RECORDS FOR PROCESSING>
+++++
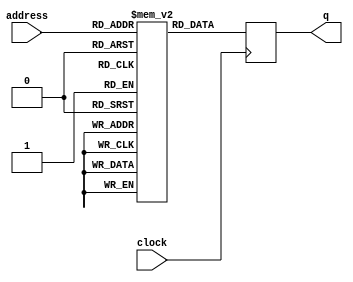
module IRAM (
input wire [7:0] address,
input clock,
output reg [15:0] q);

reg [15:0] IRAM [4095:0];

initial begin
    IRAM[0] = 16'b1100000011111111;
IRAM[1] = 16'b0011000100000010;
IRAM[2] = 16'b1001101000000000;
IRAM[3] = 16'b1001110000000000;
IRAM[4] = 16'b1001100100000000;
IRAM[5] = 16'b1001101100000000;
IRAM[6] = 16'b0001001000000000;
IRAM[7] = 16'b0011010100000110;
IRAM[8] = 16'b1010101000000000;
IRAM[9] = 16'b0001001000000000;
IRAM[10] = 16'b0011010100000110;
IRAM[11] = 16'b1010101000000000;
IRAM[12] = 16'b0001001000000000;
IRAM[13] = 16'b0011010100000110;
IRAM[14] = 16'b0011011100000001;
IRAM[15] = 16'b0111001000000000;
IRAM[16] = 16'b0101100000000000;
IRAM[17] = 16'b0101011000000000;
IRAM[18] = 16'b1000010000000000;
IRAM[19] = 16'b1010110000000000;
IRAM[20] = 16'b0011000100000101;
IRAM[21] = 16'b0010001000000000;
IRAM[22] = 16'b0011001000000001;
IRAM[23] = 16'b0110101000000000;
IRAM[24] = 16'b0100000100001010;
IRAM[25] = 16'b0000000000000000;
IRAM[26] = 16'b1001101000000000;
IRAM[27] = 16'b1001110000000000;
IRAM[28] = 16'b0011100100000001;
IRAM[29] = 16'b0110001000000000;
IRAM[30] = 16'b0100001000100011;
IRAM[31] = 16'b0000000000000000;
IRAM[32] = 16'b1010101100000000;
IRAM[33] = 16'b1010100100000000;
IRAM[34] = 16'b0100000000000101;
IRAM[35] = 16'b0000000000000000;
IRAM[36] = 16'b1001101000000000;
IRAM[37] = 16'b1001110000000000;
IRAM[38] = 16'b1001100100000000;
IRAM[39] = 16'b1001101100000000;
IRAM[40] = 16'b0001001000000000;
IRAM[41] = 16'b0011010100000110;
IRAM[42] = 16'b1010100100000000;
IRAM[43] = 16'b0001001000000000;
IRAM[44] = 16'b0011010100000110;
IRAM[45] = 16'b1010100100000000;
IRAM[46] = 16'b0001001000000000;
IRAM[47] = 16'b0011010100000110;
IRAM[48] = 16'b0011011100000001;
IRAM[49] = 16'b0111001000000000;
IRAM[50] = 16'b0101100000000000;
IRAM[51] = 16'b0101011000000000;
IRAM[52] = 16'b1000010000000000;
IRAM[53] = 16'b1010101100000000;
IRAM[54] = 16'b0011000100000101;
IRAM[55] = 16'b0010001000000000;
IRAM[56] = 16'b0011100100000001;
IRAM[57] = 16'b0110001000000000;
IRAM[58] = 16'b0100000100101100;
IRAM[59] = 16'b0000000000000000;
IRAM[60] = 16'b1001100100000000;
IRAM[61] = 16'b1001101100000000;
IRAM[62] = 16'b0011101000000001;
IRAM[63] = 16'b0110001000000000;
IRAM[64] = 16'b0100001001000101;
IRAM[65] = 16'b0000000000000000;
IRAM[66] = 16'b1010110000000000;
IRAM[67] = 16'b1010101000000000;
IRAM[68] = 16'b0100000000100111;
IRAM[69] = 16'b0000000000000000;
IRAM[70] = 16'b1001110000000000;
IRAM[71] = 16'b1001101100000000;
IRAM[72] = 16'b1001101000000000;
IRAM[73] = 16'b1001100100000000;
IRAM[74] = 16'b1100000000000010;
IRAM[75] = 16'b0011000100000011;
IRAM[76] = 16'b1100000011111110;
IRAM[77] = 16'b0011000100000010;
IRAM[78] = 16'b0001001000000000;
IRAM[79] = 16'b0010001000000000;
IRAM[80] = 16'b0011101000000001;
IRAM[81] = 16'b0110001000000000;
IRAM[82] = 16'b1010110000000000;
IRAM[83] = 16'b0100001001011000;
IRAM[84] = 16'b0000000000000000;
IRAM[85] = 16'b1010101000000000;
IRAM[86] = 16'b1010101000000000;
IRAM[87] = 16'b0100000001001101;
IRAM[88] = 16'b0000000000000000;
IRAM[89] = 16'b1001101000000000;
IRAM[90] = 16'b1001110000000000;
IRAM[91] = 16'b1010101100000000;
IRAM[92] = 16'b0011100100000001;
IRAM[93] = 16'b0110001000000000;
IRAM[94] = 16'b0100001001100011;
IRAM[95] = 16'b0000000000000000;
IRAM[96] = 16'b1010100100000000;
IRAM[97] = 16'b1010100100000000;
IRAM[98] = 16'b0100000001001101;
IRAM[99] = 16'b0000000000000000;
IRAM[100] = 16'b1111000000000000;
end
always @(posedge clock)
begin
	q <= IRAM[address];
end
endmodule
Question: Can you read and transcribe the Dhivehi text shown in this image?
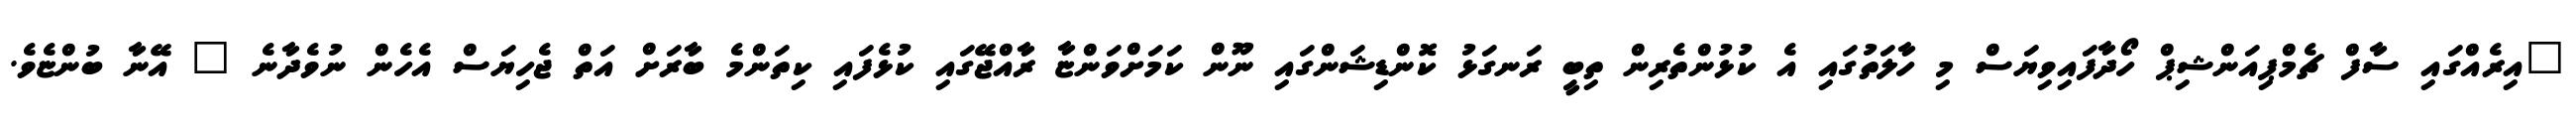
+++++
TASK DETAILS> Would you please set down the listing above exactly, minus its images?

ANSWER FOR THIS EXERCISE>
module IRAM (
input wire [7:0] address,
input clock,
output reg [15:0] q);

reg [15:0] IRAM [4095:0];

initial begin
    IRAM[0] = 16'b1100000011111111;
IRAM[1] = 16'b0011000100000010;
IRAM[2] = 16'b1001101000000000;
IRAM[3] = 16'b1001110000000000;
IRAM[4] = 16'b1001100100000000;
IRAM[5] = 16'b1001101100000000;
IRAM[6] = 16'b0001001000000000;
IRAM[7] = 16'b0011010100000110;
IRAM[8] = 16'b1010101000000000;
IRAM[9] = 16'b0001001000000000;
IRAM[10] = 16'b0011010100000110;
IRAM[11] = 16'b1010101000000000;
IRAM[12] = 16'b0001001000000000;
IRAM[13] = 16'b0011010100000110;
IRAM[14] = 16'b0011011100000001;
IRAM[15] = 16'b0111001000000000;
IRAM[16] = 16'b0101100000000000;
IRAM[17] = 16'b0101011000000000;
IRAM[18] = 16'b1000010000000000;
IRAM[19] = 16'b1010110000000000;
IRAM[20] = 16'b0011000100000101;
IRAM[21] = 16'b0010001000000000;
IRAM[22] = 16'b0011001000000001;
IRAM[23] = 16'b0110101000000000;
IRAM[24] = 16'b0100000100001010;
IRAM[25] = 16'b0000000000000000;
IRAM[26] = 16'b1001101000000000;
IRAM[27] = 16'b1001110000000000;
IRAM[28] = 16'b0011100100000001;
IRAM[29] = 16'b0110001000000000;
IRAM[30] = 16'b0100001000100011;
IRAM[31] = 16'b0000000000000000;
IRAM[32] = 16'b1010101100000000;
IRAM[33] = 16'b1010100100000000;
IRAM[34] = 16'b0100000000000101;
IRAM[35] = 16'b0000000000000000;
IRAM[36] = 16'b1001101000000000;
IRAM[37] = 16'b1001110000000000;
IRAM[38] = 16'b1001100100000000;
IRAM[39] = 16'b1001101100000000;
IRAM[40] = 16'b0001001000000000;
IRAM[41] = 16'b0011010100000110;
IRAM[42] = 16'b1010100100000000;
IRAM[43] = 16'b0001001000000000;
IRAM[44] = 16'b0011010100000110;
IRAM[45] = 16'b1010100100000000;
IRAM[46] = 16'b0001001000000000;
IRAM[47] = 16'b0011010100000110;
IRAM[48] = 16'b0011011100000001;
IRAM[49] = 16'b0111001000000000;
IRAM[50] = 16'b0101100000000000;
IRAM[51] = 16'b0101011000000000;
IRAM[52] = 16'b1000010000000000;
IRAM[53] = 16'b1010101100000000;
IRAM[54] = 16'b0011000100000101;
IRAM[55] = 16'b0010001000000000;
IRAM[56] = 16'b0011100100000001;
IRAM[57] = 16'b0110001000000000;
IRAM[58] = 16'b0100000100101100;
IRAM[59] = 16'b0000000000000000;
IRAM[60] = 16'b1001100100000000;
IRAM[61] = 16'b1001101100000000;
IRAM[62] = 16'b0011101000000001;
IRAM[63] = 16'b0110001000000000;
IRAM[64] = 16'b0100001001000101;
IRAM[65] = 16'b0000000000000000;
IRAM[66] = 16'b1010110000000000;
IRAM[67] = 16'b1010101000000000;
IRAM[68] = 16'b0100000000100111;
IRAM[69] = 16'b0000000000000000;
IRAM[70] = 16'b1001110000000000;
IRAM[71] = 16'b1001101100000000;
IRAM[72] = 16'b1001101000000000;
IRAM[73] = 16'b1001100100000000;
IRAM[74] = 16'b1100000000000010;
IRAM[75] = 16'b0011000100000011;
IRAM[76] = 16'b1100000011111110;
IRAM[77] = 16'b0011000100000010;
IRAM[78] = 16'b0001001000000000;
IRAM[79] = 16'b0010001000000000;
IRAM[80] = 16'b0011101000000001;
IRAM[81] = 16'b0110001000000000;
IRAM[82] = 16'b1010110000000000;
IRAM[83] = 16'b0100001001011000;
IRAM[84] = 16'b0000000000000000;
IRAM[85] = 16'b1010101000000000;
IRAM[86] = 16'b1010101000000000;
IRAM[87] = 16'b0100000001001101;
IRAM[88] = 16'b0000000000000000;
IRAM[89] = 16'b1001101000000000;
IRAM[90] = 16'b1001110000000000;
IRAM[91] = 16'b1010101100000000;
IRAM[92] = 16'b0011100100000001;
IRAM[93] = 16'b0110001000000000;
IRAM[94] = 16'b0100001001100011;
IRAM[95] = 16'b0000000000000000;
IRAM[96] = 16'b1010100100000000;
IRAM[97] = 16'b1010100100000000;
IRAM[98] = 16'b0100000001001101;
IRAM[99] = 16'b0000000000000000;
IRAM[100] = 16'b1111000000000000;
end
always @(posedge clock)
begin
	q <= IRAM[address];
end
endmodule
Question: Can you read and transcribe the Dhivehi text shown in this image?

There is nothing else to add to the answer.